Este artigo tem como questão central averiguar os requisitos e exceções do consentimento informado na relação médico-paciente. Antes de adentramos ao tema central, importante destacarmos que conforme a Lei nº 3.268, de 30 de setembro de 1957, regulamentada pelo Decreto nº 44.045, de 19 de julho de 1958, e pela Lei nº 11.000, de 15 de dezembro de 2004, na competência para legislar matéria relativa à atividade da medicina, foi atribuída ao Conselho Federal de Medicina (CFM) e aos Conselhos Regionais de Medicina (CRM).
Assim, conforme dispõe a Lei, o Art. 2º, “O conselho Federal e os Conselhos Regionais de Medicina são os órgãos supervisores da ética profissional em toda a República e ao mesmo tempo, julgadores e disciplinadores da classe médica, cabendo-lhes zelar e trabalhar por todos os meios ao seu alcance, pelo perfeito desempenho ético da medicina, e pelo prestígio e bom conceito da profissão e dos que a exerçam legalmente.”

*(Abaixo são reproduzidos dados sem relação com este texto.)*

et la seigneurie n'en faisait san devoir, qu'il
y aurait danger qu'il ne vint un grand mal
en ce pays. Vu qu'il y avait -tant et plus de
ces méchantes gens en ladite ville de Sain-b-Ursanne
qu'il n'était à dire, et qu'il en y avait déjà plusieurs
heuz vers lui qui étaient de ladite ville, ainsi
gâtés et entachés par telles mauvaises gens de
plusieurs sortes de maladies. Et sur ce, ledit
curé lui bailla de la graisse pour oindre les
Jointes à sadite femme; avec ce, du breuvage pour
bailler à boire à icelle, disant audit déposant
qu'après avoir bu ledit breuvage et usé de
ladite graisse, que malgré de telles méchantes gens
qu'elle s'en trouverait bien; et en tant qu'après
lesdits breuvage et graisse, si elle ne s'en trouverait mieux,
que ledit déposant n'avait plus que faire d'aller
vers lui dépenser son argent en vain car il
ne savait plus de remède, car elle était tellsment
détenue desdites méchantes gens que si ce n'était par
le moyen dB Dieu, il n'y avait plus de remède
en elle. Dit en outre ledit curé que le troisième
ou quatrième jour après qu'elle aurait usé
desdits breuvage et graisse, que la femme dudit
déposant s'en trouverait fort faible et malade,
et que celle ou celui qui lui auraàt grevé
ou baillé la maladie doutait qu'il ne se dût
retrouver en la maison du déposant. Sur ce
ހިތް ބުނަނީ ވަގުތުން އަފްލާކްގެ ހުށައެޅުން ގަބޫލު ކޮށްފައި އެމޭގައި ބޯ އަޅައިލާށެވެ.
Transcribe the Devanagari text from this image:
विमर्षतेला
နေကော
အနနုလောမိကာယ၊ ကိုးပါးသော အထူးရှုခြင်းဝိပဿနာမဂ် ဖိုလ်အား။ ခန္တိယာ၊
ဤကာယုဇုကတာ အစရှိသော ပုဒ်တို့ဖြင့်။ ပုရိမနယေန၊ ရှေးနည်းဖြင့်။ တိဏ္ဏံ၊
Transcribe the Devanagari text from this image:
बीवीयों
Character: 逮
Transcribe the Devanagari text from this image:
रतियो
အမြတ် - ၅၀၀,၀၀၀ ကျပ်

Por força da lei, o CFM publicou a Recomendação nº 1/2016, destacando que os médicos devem levar em consideração o documento Consentimento Livre e Esclarecido, constante no Anexo I. Destacamos que a Recomendação entrou em vigor no dia 21 de janeiro (data da publicação).
Muito embora em constante evolução, as recomendações servem como guia, visando que o consentimento seja colhido livremente após previamente o paciente ter sido esclarecido visando auxiliar os médicos no mister da profissão com o máximo de zelo e atenção primando pelo benefício da saúde dos pacientes conforme os Princípios Fundamentais do Código de Ética Médica (Resolução 2.217/18).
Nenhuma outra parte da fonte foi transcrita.